WHAT YOU SHOULD DO
Among the lines below, the one containing "و دو نفر از" opens the range and the one containing "އޭނާ ވިދާޅުވީ މި" closes it. Print that range exactly, without the pictures.

***** EXERCISE DATA

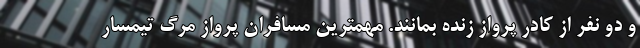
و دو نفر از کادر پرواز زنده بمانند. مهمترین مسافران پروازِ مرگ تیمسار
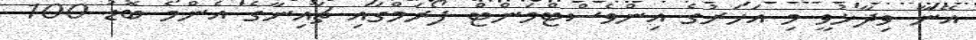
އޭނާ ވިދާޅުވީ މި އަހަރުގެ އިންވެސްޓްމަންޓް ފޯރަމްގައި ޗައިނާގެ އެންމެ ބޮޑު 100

**********
***** EXERCISE DATA

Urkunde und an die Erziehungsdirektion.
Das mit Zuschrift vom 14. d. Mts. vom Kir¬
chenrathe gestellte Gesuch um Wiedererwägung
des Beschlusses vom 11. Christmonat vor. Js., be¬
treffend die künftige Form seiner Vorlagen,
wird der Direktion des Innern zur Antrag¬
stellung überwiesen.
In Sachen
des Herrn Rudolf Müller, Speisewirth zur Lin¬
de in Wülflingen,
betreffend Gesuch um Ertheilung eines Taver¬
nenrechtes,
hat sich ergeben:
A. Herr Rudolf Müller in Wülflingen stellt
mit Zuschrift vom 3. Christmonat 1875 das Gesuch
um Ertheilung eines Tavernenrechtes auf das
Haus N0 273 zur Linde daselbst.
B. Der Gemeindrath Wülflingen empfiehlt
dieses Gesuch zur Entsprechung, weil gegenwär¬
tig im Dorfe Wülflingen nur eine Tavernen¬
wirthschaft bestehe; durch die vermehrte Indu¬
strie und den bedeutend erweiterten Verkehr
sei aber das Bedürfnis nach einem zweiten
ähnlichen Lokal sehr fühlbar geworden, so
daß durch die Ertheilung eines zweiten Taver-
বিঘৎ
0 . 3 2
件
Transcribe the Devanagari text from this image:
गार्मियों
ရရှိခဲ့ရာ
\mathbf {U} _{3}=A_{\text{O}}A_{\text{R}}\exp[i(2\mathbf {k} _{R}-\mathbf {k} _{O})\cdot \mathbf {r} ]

**********

TASK OUTPUT
و دو نفر از کادر پرواز زنده بمانند. مهمترین مسافران پروازِ مرگ تیمسار
އޭނާ ވިދާޅުވީ މި އަހަރުގެ އިންވެސްޓްމަންޓް ފޯރަމްގައި ޗައިނާގެ އެންމެ ބޮޑު 100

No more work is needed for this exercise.